Exercise data:
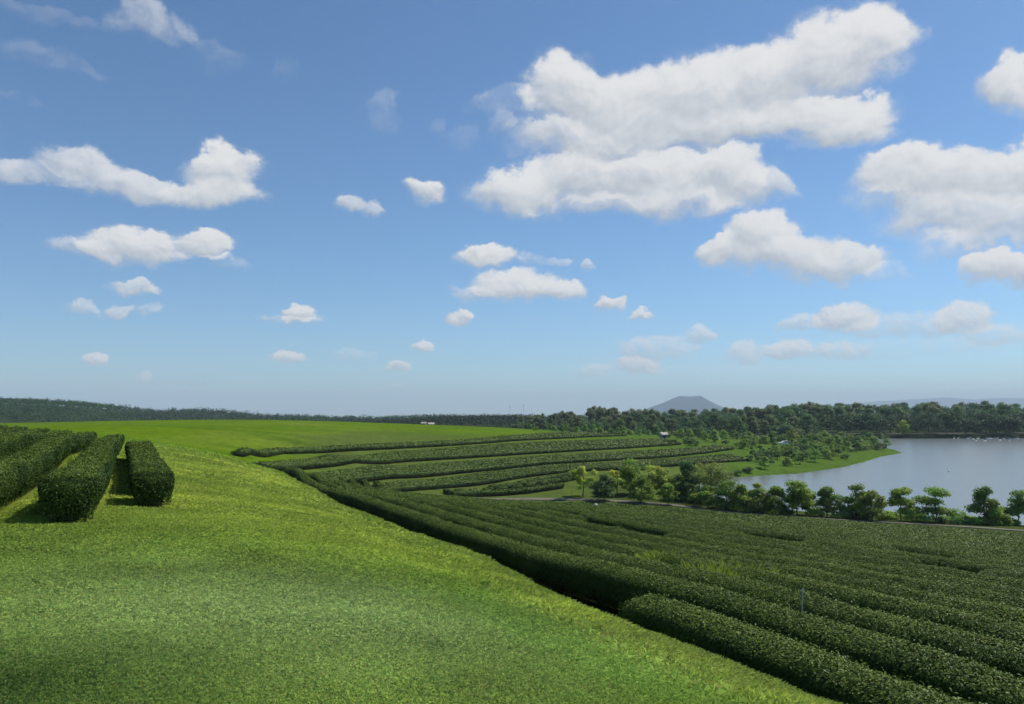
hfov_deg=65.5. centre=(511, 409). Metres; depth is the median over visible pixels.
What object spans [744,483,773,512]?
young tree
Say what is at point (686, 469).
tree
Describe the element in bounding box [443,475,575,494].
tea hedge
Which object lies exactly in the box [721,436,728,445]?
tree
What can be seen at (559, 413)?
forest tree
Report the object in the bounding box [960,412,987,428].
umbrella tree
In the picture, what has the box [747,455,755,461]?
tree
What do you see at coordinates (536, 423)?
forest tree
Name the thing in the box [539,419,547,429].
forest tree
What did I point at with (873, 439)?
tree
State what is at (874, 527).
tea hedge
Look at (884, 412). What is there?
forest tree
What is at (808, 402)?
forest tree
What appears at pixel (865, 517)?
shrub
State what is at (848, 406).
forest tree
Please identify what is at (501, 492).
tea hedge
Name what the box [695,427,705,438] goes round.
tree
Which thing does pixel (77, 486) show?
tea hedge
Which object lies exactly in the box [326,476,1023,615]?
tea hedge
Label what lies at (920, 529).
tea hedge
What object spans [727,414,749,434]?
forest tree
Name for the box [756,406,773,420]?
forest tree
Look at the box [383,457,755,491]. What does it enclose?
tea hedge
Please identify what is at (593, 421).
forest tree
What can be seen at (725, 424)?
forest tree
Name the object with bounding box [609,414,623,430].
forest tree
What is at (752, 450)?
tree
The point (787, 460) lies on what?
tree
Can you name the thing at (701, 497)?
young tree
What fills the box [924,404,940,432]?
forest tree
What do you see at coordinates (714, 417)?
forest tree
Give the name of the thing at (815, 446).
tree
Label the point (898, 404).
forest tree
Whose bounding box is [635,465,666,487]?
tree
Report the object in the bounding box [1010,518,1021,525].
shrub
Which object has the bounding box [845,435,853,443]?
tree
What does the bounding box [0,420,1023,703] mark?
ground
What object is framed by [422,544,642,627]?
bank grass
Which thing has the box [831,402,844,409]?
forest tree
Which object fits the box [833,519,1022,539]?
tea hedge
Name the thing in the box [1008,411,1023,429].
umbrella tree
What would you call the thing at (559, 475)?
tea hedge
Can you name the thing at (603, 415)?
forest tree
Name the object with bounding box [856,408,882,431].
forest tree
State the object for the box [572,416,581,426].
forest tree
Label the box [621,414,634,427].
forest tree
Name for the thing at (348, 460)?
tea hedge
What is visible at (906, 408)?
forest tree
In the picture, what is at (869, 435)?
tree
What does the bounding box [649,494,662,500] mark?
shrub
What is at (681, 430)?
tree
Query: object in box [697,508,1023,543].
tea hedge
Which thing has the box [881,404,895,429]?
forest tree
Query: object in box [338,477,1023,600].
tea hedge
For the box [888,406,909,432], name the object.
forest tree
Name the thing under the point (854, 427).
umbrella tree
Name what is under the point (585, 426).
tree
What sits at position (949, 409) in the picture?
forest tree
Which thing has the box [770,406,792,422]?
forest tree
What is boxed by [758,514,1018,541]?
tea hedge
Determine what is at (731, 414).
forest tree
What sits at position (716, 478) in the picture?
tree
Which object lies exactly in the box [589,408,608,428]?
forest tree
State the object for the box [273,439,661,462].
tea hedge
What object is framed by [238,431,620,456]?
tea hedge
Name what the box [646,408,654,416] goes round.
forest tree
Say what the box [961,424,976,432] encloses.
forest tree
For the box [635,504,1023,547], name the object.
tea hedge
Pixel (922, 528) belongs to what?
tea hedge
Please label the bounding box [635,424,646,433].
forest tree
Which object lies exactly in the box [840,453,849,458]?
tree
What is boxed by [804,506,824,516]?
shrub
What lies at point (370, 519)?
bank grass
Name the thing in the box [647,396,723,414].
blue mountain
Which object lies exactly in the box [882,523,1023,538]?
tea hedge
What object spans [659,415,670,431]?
---
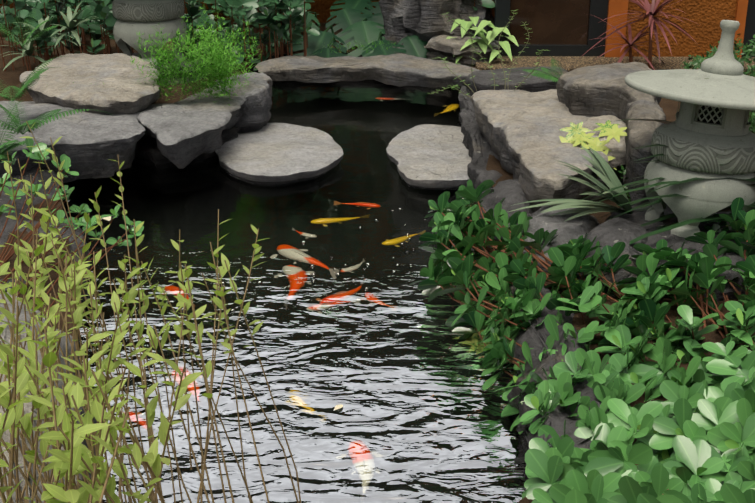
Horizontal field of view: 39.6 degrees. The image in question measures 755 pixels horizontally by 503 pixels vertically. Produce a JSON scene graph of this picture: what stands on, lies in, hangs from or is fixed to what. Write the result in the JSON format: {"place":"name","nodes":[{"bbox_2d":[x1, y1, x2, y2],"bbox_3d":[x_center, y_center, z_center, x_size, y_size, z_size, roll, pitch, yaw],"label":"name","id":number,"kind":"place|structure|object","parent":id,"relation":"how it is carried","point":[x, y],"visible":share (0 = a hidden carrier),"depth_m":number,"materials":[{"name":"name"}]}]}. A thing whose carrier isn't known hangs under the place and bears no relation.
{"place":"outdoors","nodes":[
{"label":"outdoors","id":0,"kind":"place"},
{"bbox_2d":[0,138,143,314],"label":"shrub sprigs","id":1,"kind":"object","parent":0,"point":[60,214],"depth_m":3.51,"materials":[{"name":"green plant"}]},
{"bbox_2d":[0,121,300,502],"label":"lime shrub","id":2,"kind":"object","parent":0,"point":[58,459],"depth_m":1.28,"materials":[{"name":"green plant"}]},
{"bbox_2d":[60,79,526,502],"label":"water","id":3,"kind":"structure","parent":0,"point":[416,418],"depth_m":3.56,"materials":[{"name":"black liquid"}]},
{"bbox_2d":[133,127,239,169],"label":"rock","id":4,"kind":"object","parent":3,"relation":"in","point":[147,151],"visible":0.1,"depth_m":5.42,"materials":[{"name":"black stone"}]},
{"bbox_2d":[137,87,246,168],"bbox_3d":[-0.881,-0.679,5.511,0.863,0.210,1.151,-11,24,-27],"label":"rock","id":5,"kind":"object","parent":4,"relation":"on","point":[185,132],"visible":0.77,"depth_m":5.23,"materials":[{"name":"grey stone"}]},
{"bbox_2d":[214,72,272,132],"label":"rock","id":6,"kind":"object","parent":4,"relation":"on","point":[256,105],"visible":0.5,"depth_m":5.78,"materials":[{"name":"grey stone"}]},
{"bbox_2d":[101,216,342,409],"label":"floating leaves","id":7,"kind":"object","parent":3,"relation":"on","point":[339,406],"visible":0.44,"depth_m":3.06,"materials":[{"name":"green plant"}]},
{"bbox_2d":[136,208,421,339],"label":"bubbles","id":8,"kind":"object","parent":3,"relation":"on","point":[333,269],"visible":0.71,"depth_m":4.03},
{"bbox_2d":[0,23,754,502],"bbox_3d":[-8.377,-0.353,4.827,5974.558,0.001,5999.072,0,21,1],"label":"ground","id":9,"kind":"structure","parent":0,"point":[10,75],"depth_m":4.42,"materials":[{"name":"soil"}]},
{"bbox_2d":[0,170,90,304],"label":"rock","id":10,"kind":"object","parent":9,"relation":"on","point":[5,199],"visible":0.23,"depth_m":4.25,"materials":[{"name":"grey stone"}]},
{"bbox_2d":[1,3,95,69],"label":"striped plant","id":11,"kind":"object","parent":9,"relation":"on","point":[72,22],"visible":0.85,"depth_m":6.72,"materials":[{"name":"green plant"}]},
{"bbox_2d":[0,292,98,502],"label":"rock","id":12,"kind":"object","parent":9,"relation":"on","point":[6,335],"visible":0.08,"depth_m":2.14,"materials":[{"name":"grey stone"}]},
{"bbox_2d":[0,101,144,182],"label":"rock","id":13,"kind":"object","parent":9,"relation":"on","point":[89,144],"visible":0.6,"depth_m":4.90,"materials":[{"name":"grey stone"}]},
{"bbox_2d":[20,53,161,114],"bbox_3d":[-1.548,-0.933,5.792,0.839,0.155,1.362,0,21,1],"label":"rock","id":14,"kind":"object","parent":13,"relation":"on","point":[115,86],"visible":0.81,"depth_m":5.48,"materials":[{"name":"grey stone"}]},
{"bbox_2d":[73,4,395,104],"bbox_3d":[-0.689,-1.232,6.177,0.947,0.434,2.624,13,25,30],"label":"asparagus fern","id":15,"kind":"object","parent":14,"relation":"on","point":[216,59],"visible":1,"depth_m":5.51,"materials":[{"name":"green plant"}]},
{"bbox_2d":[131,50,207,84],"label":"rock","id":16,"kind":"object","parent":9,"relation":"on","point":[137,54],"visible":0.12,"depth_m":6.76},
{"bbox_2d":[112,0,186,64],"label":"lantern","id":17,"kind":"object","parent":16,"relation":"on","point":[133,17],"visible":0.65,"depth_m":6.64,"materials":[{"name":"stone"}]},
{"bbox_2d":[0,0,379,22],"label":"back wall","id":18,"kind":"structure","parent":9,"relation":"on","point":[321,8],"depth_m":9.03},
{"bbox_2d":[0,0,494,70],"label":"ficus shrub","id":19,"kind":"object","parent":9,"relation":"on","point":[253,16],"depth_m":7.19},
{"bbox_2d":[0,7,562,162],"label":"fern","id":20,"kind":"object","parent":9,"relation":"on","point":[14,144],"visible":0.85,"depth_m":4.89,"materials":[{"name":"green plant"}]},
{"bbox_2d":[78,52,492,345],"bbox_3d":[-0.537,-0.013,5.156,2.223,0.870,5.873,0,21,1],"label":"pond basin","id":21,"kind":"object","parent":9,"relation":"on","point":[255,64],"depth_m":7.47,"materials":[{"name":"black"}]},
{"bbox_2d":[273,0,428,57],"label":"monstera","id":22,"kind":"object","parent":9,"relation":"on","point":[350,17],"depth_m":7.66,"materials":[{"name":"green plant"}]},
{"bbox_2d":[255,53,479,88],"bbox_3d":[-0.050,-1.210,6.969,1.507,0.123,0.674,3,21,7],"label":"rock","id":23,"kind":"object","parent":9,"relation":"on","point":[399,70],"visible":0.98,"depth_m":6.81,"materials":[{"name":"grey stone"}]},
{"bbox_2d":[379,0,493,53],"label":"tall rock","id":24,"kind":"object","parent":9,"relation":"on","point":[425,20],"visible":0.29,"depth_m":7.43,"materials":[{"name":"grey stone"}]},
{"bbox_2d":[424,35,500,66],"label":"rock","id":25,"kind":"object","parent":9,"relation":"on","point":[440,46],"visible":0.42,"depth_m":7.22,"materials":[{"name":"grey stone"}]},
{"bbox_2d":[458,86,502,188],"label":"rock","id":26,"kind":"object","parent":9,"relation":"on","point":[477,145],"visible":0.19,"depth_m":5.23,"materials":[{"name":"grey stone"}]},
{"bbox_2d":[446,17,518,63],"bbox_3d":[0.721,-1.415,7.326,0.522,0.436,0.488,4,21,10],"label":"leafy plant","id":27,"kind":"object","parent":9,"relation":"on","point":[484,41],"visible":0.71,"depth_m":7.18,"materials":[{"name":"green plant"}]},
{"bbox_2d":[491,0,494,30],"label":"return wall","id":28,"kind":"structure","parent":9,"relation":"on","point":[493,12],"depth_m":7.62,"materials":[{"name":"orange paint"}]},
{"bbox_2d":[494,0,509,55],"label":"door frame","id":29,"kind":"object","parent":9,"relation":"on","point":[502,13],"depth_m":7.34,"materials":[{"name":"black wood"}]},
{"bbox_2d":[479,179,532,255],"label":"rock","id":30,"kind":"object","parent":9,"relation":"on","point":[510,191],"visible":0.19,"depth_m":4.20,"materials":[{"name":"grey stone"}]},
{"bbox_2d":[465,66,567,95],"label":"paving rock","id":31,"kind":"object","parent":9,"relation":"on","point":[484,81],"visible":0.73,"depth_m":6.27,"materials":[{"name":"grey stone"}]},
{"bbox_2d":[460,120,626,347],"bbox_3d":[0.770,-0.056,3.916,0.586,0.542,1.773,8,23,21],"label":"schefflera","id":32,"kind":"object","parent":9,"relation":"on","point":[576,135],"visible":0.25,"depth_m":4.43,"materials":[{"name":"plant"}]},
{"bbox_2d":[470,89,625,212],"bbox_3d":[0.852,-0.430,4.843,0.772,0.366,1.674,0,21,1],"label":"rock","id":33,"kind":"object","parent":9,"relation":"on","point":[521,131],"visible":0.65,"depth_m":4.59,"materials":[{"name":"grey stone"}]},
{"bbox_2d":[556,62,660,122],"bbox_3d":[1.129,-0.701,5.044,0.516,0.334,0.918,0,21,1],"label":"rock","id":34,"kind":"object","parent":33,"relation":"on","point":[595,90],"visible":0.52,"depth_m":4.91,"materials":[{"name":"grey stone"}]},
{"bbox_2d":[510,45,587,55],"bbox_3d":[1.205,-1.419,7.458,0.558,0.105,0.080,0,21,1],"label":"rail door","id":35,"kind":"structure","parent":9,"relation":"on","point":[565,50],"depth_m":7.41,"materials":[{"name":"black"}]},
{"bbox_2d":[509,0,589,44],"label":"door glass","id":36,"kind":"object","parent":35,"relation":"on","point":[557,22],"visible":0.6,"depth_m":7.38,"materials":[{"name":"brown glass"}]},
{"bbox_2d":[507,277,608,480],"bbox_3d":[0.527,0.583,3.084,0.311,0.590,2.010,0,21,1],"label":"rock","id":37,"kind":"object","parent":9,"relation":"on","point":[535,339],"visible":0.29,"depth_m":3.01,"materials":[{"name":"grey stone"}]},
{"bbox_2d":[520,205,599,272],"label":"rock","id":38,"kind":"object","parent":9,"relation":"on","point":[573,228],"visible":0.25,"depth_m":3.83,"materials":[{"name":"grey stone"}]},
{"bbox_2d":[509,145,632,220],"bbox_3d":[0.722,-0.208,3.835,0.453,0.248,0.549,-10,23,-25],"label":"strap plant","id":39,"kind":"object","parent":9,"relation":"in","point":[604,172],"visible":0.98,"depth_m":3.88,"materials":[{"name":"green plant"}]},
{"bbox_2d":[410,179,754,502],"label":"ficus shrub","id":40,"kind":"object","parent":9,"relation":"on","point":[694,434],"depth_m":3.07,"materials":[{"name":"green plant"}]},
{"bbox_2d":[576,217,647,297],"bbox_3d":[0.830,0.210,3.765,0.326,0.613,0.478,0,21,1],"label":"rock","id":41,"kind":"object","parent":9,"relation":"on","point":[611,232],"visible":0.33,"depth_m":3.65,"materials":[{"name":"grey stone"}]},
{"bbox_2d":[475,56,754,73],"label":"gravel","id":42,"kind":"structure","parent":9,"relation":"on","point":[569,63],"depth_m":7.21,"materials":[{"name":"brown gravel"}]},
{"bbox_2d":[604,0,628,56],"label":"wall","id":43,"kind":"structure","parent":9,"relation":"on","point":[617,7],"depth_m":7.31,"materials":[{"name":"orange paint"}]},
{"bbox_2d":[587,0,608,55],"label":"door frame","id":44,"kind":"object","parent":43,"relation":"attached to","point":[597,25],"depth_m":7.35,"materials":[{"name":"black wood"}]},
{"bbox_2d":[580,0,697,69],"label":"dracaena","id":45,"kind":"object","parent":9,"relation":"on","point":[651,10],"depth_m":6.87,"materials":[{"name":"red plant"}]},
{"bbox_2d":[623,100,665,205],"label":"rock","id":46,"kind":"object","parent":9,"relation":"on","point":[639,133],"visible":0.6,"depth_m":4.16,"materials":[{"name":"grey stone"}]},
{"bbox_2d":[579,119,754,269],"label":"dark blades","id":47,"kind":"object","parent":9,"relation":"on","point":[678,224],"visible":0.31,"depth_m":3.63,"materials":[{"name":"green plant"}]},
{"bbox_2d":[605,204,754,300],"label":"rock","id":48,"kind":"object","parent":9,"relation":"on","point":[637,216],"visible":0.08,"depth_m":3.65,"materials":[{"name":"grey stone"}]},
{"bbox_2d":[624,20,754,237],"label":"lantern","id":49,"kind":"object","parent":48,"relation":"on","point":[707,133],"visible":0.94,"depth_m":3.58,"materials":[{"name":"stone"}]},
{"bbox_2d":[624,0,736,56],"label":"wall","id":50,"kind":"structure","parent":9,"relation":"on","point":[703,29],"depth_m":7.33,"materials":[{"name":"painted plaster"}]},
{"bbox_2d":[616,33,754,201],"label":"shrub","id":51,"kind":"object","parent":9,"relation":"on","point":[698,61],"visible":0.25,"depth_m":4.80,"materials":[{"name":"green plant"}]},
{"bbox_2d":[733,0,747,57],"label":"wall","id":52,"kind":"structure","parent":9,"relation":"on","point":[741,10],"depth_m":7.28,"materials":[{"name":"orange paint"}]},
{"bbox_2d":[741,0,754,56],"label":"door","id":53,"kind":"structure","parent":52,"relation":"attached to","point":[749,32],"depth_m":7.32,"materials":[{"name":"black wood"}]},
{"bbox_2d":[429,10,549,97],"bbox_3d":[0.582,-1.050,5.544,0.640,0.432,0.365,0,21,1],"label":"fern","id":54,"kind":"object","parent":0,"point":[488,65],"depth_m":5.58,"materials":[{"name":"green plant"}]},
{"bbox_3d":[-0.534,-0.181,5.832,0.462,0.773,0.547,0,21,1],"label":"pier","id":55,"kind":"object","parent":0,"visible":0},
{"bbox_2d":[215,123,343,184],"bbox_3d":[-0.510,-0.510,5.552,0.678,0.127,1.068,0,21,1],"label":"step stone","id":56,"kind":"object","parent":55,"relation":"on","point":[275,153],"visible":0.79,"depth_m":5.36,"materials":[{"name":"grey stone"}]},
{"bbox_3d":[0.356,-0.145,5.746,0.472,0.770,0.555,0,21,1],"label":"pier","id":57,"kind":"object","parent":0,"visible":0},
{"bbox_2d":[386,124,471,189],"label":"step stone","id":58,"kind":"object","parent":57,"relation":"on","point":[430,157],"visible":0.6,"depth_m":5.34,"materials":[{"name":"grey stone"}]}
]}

Task to complete: An exact, complete copy of the lines above from the one with "What object is framed by [238,431,620,456]?" through the one with "What object spans [659,415,670,431]?" is the whole answer.

Output of the task:
What object is framed by [238,431,620,456]?
tea hedge
Name what the box [646,408,654,416] goes round.
forest tree
Say what the box [961,424,976,432] encloses.
forest tree
For the box [635,504,1023,547], name the object.
tea hedge
Pixel (922, 528) belongs to what?
tea hedge
Please label the bounding box [635,424,646,433].
forest tree
Which object lies exactly in the box [840,453,849,458]?
tree
What is boxed by [804,506,824,516]?
shrub
What lies at point (370, 519)?
bank grass
Name the thing in the box [647,396,723,414].
blue mountain
Which object lies exactly in the box [882,523,1023,538]?
tea hedge
What object spans [659,415,670,431]?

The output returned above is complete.